Deep Semi-Random Features for Nonlinear Function Approximation
This work addresses the challenge of balancing flexibility and efficiency in function approximation for machine learning practitioners, though it appears incremental as it builds on existing random feature and neural network methods.
The authors tackled the problem of nonlinear function approximation by proposing semi-random features, which offer a middle ground between deep learning and kernel methods, and demonstrated that these features can match neural network performance with slightly more units and outperform random features with significantly fewer units.

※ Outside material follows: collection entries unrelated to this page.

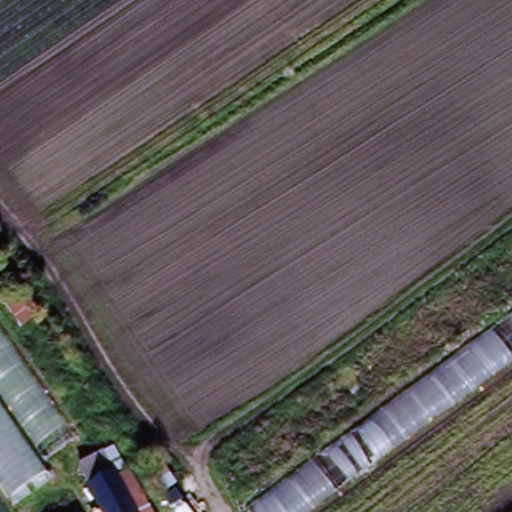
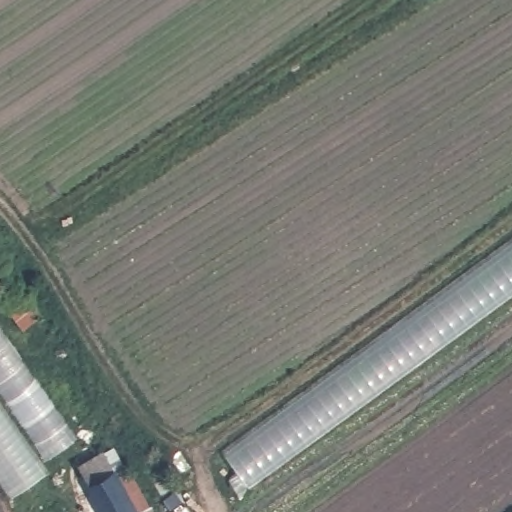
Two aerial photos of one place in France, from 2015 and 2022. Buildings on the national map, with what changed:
demolished [(240,507),(250,498),(216,460),(512,238),(512,371),(312,512),(245,512),(240,507)]
unchanged [(87,438),(47,460),(0,392),(0,315),(87,438)]
unchanged [(48,468),(9,493),(0,480),(0,400),(48,468)]
unchanged [(87,485),(75,466),(99,452),(107,448),(148,512),(102,512),(87,485)]
unchanged [(150,497),(135,473),(163,458),(175,479),(190,505),(178,512),(158,512),(150,497)]

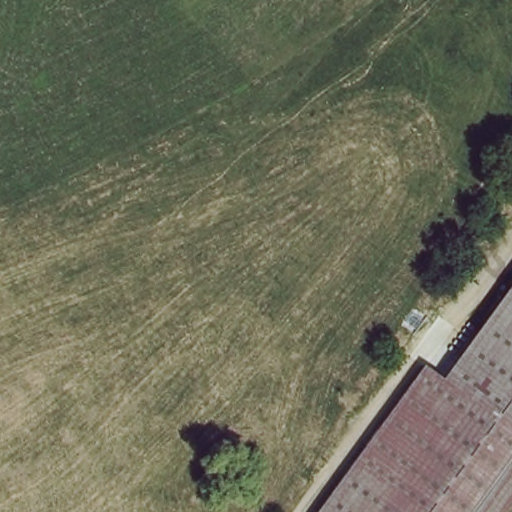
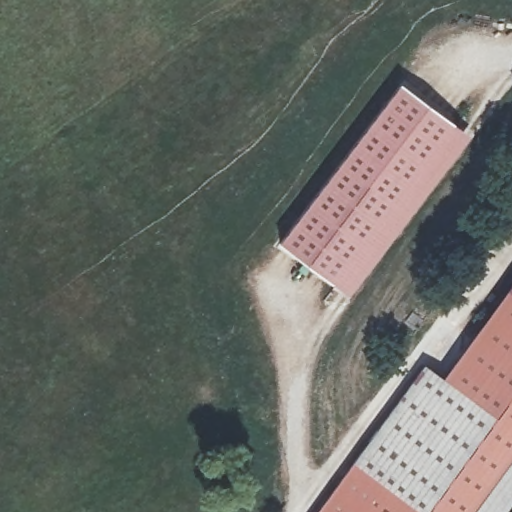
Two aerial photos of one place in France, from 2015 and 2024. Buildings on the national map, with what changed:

We propose semi-random features for nonlinear function approximation. The flexibility of semi-random feature lies between the fully adjustable units in deep learning and the random features used in kernel methods. For one hidden layer models with semi-random features, we prove with no unrealistic assumptions that the model classes contain an arbitrarily good function as the width increases (universality), and despite non-convexity, we can find such a good function (optimization theory) that generalizes to unseen new data (generalization bound). For deep models, with no unrealistic assumptions, we prove universal approximation ability, a lower bound on approximation error, a partial optimization guarantee, and a generalization bound. Depending on the problems, the generalization bound of deep semi-random features can be exponentially better than the known bounds of deep ReLU nets; our generalization error bound can be independent of the depth, the number of trainable weights as well as the input dimensionality. In experiments, we show that semi-random features can match the performance of neural networks by using slightly more units, and it outperforms random features by using significantly fewer units. Moreover, we introduce a new implicit ensemble method by using semi-random features.